## Stored items
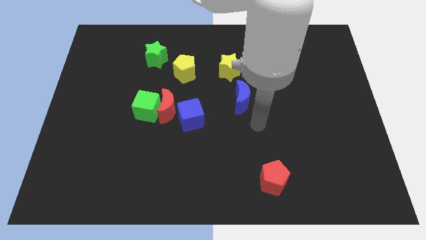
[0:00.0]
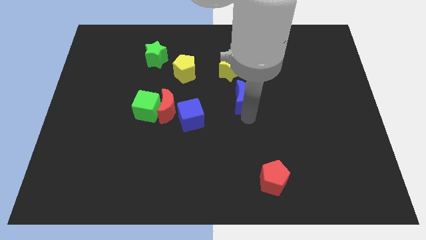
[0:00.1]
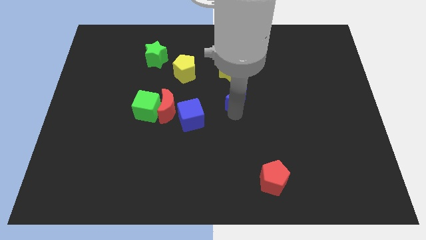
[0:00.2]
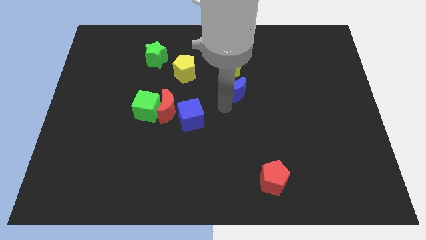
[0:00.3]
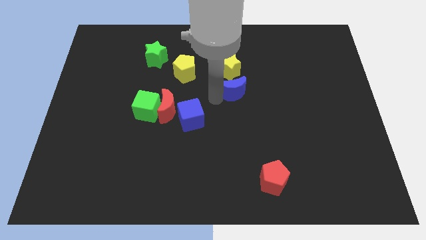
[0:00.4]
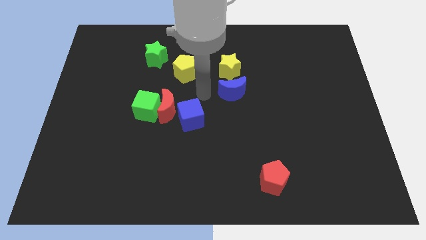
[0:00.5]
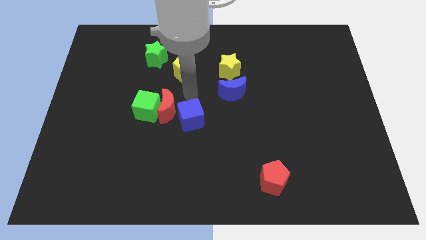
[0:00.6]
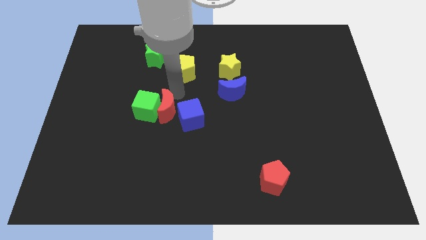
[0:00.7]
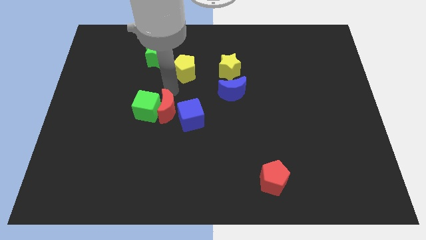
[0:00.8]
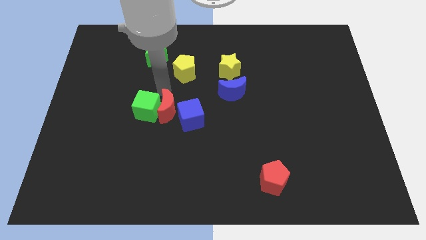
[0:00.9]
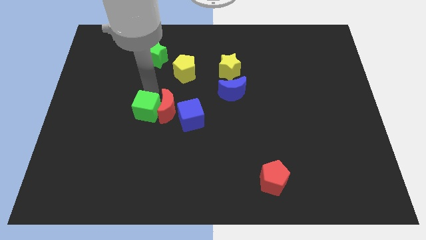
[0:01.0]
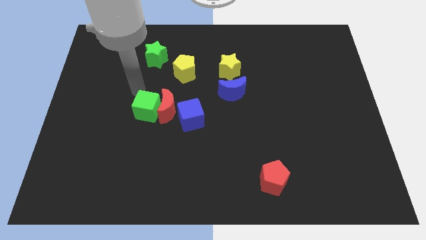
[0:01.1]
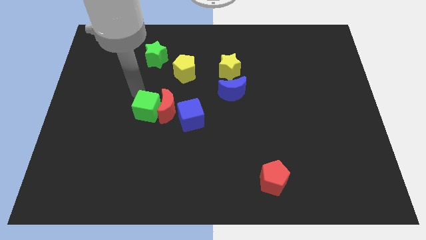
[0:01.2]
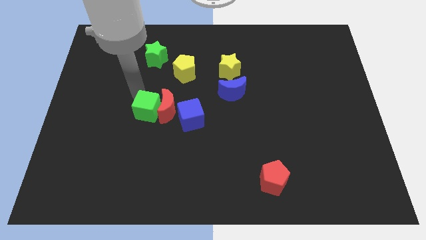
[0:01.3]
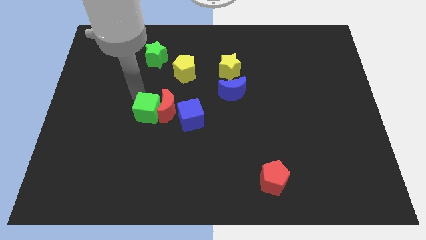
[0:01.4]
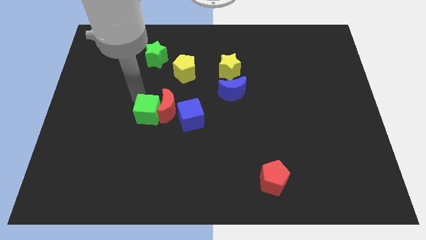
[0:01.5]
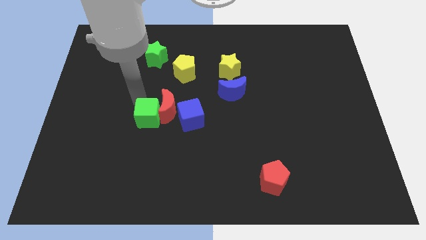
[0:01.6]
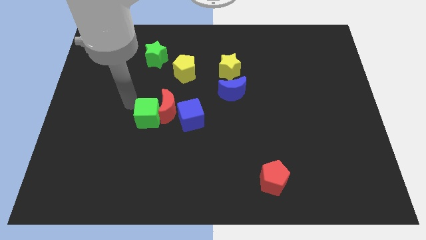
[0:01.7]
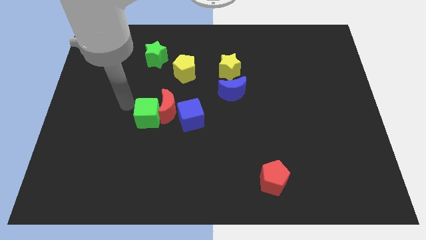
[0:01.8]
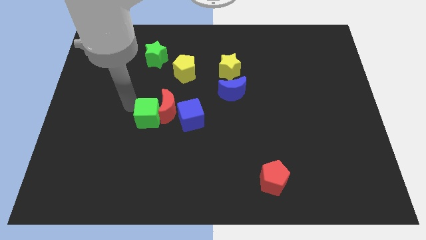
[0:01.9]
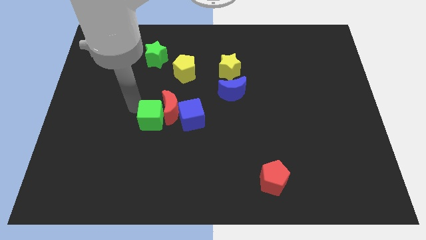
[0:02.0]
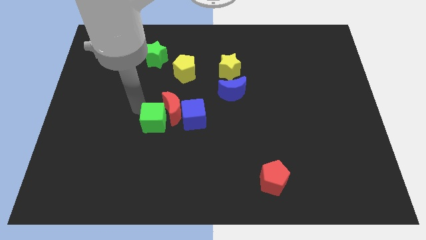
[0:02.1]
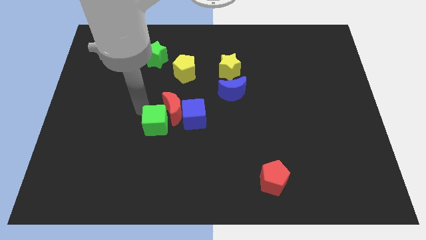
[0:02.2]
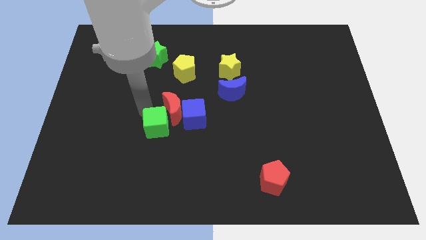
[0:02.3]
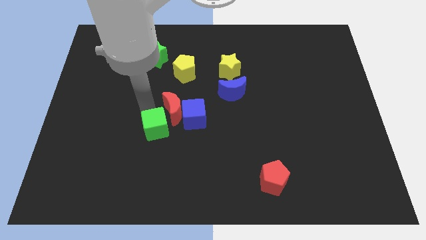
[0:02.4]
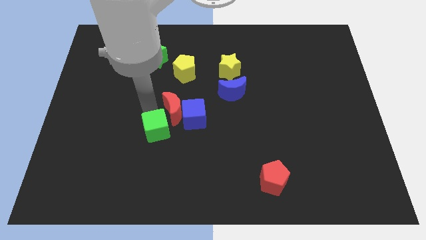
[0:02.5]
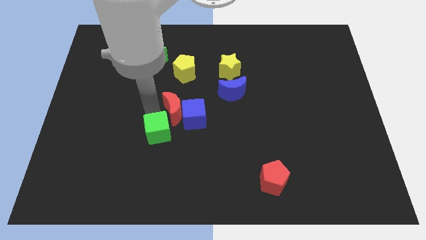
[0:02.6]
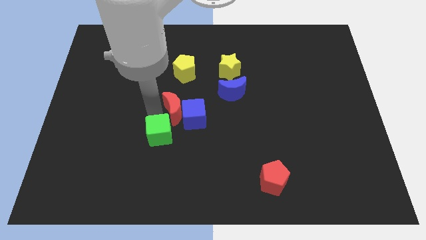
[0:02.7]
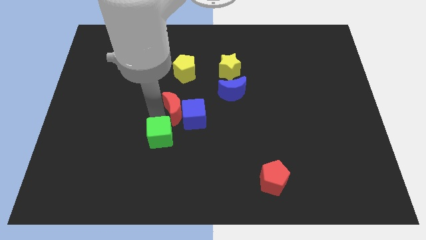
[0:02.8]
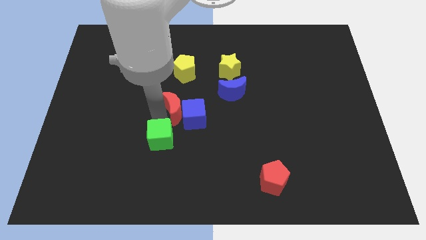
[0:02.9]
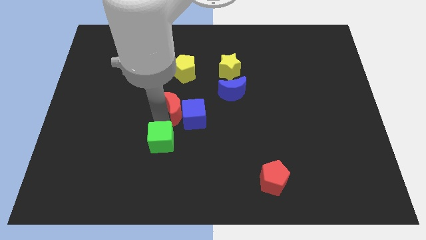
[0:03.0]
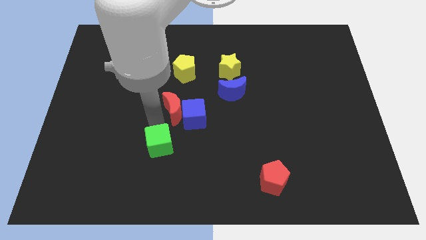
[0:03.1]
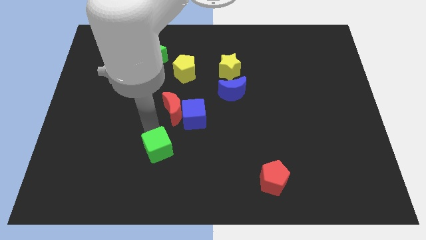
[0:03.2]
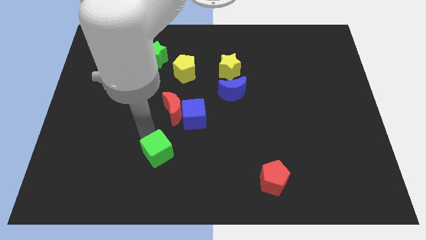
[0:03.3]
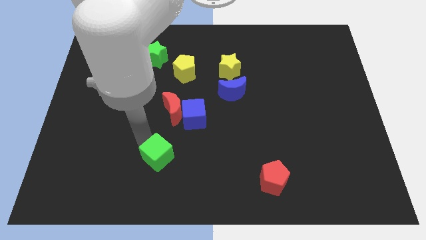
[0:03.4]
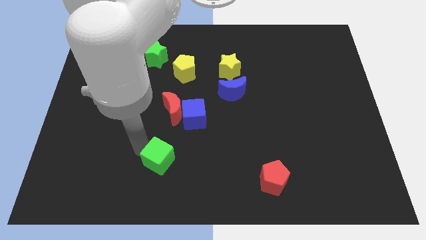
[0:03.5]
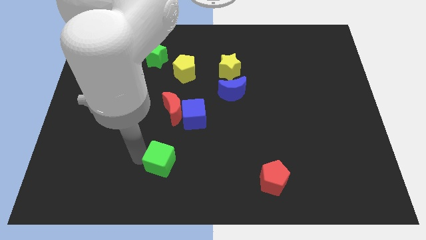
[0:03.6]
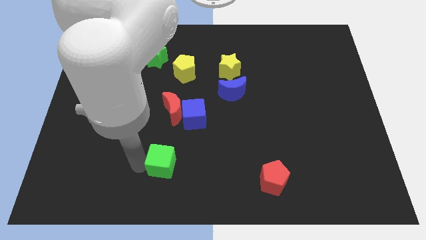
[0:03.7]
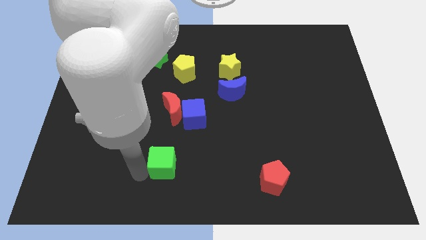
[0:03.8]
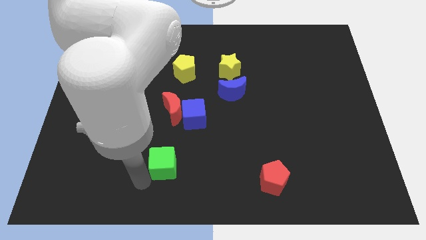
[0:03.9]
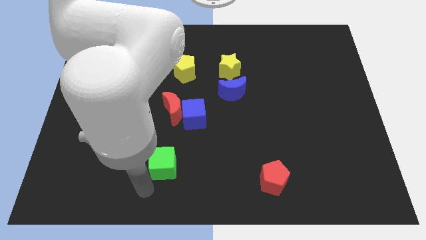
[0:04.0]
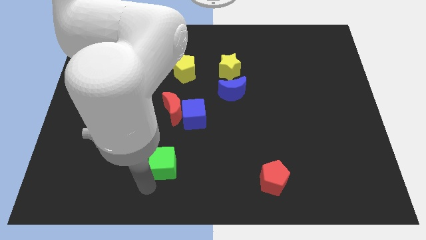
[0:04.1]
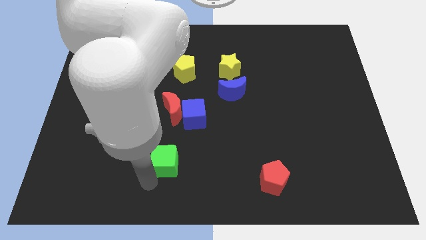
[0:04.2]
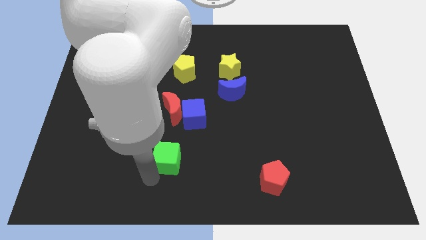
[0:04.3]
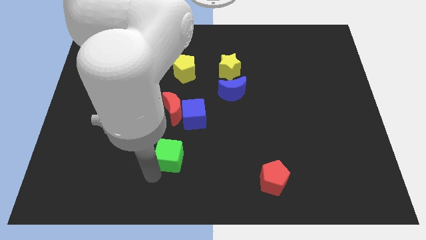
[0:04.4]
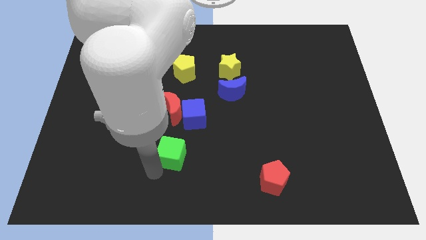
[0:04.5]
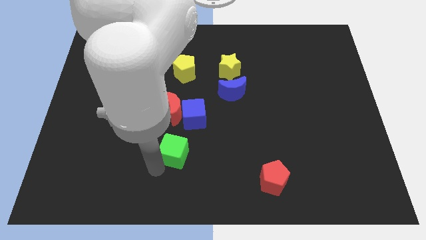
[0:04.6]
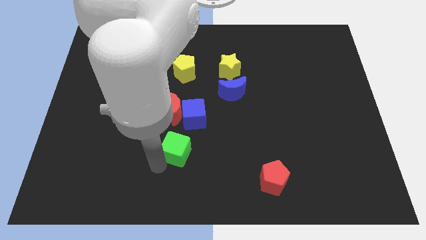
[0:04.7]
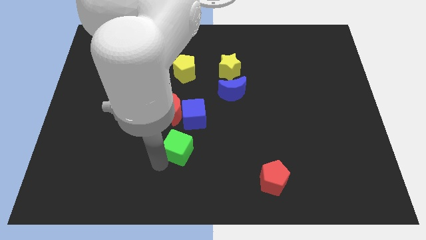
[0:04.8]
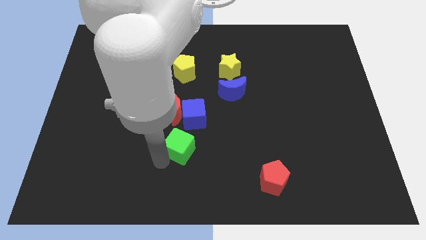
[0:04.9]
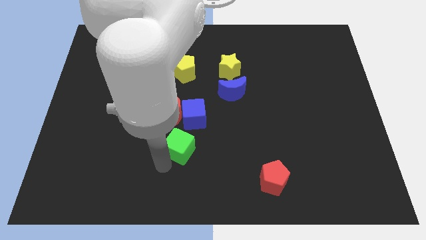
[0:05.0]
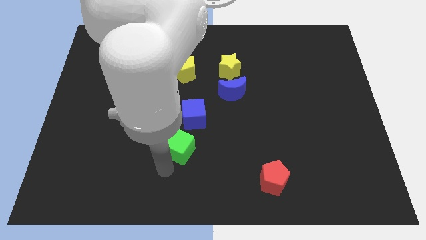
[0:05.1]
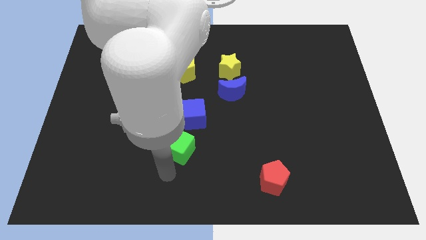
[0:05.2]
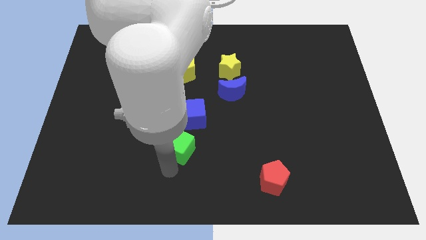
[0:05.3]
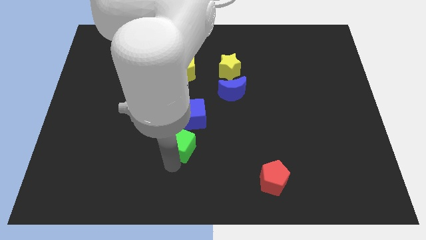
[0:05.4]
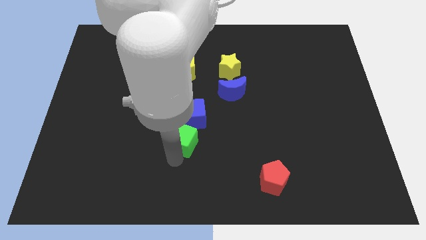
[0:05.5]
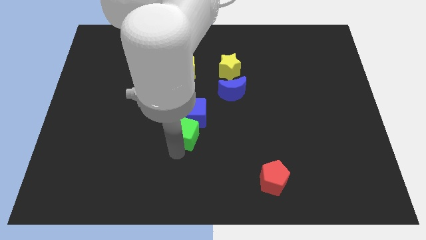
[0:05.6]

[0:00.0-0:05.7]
push the green cube to the right slightly

## Required work
In the transcription, every picture is to be excluded and the records above given again exactly.

## Final answer
[0:00.0]
[0:00.1]
[0:00.2]
[0:00.3]
[0:00.4]
[0:00.5]
[0:00.6]
[0:00.7]
[0:00.8]
[0:00.9]
[0:01.0]
[0:01.1]
[0:01.2]
[0:01.3]
[0:01.4]
[0:01.5]
[0:01.6]
[0:01.7]
[0:01.8]
[0:01.9]
[0:02.0]
[0:02.1]
[0:02.2]
[0:02.3]
[0:02.4]
[0:02.5]
[0:02.6]
[0:02.7]
[0:02.8]
[0:02.9]
[0:03.0]
[0:03.1]
[0:03.2]
[0:03.3]
[0:03.4]
[0:03.5]
[0:03.6]
[0:03.7]
[0:03.8]
[0:03.9]
[0:04.0]
[0:04.1]
[0:04.2]
[0:04.3]
[0:04.4]
[0:04.5]
[0:04.6]
[0:04.7]
[0:04.8]
[0:04.9]
[0:05.0]
[0:05.1]
[0:05.2]
[0:05.3]
[0:05.4]
[0:05.5]
[0:05.6]

[0:00.0-0:05.7]
push the green cube to the right slightly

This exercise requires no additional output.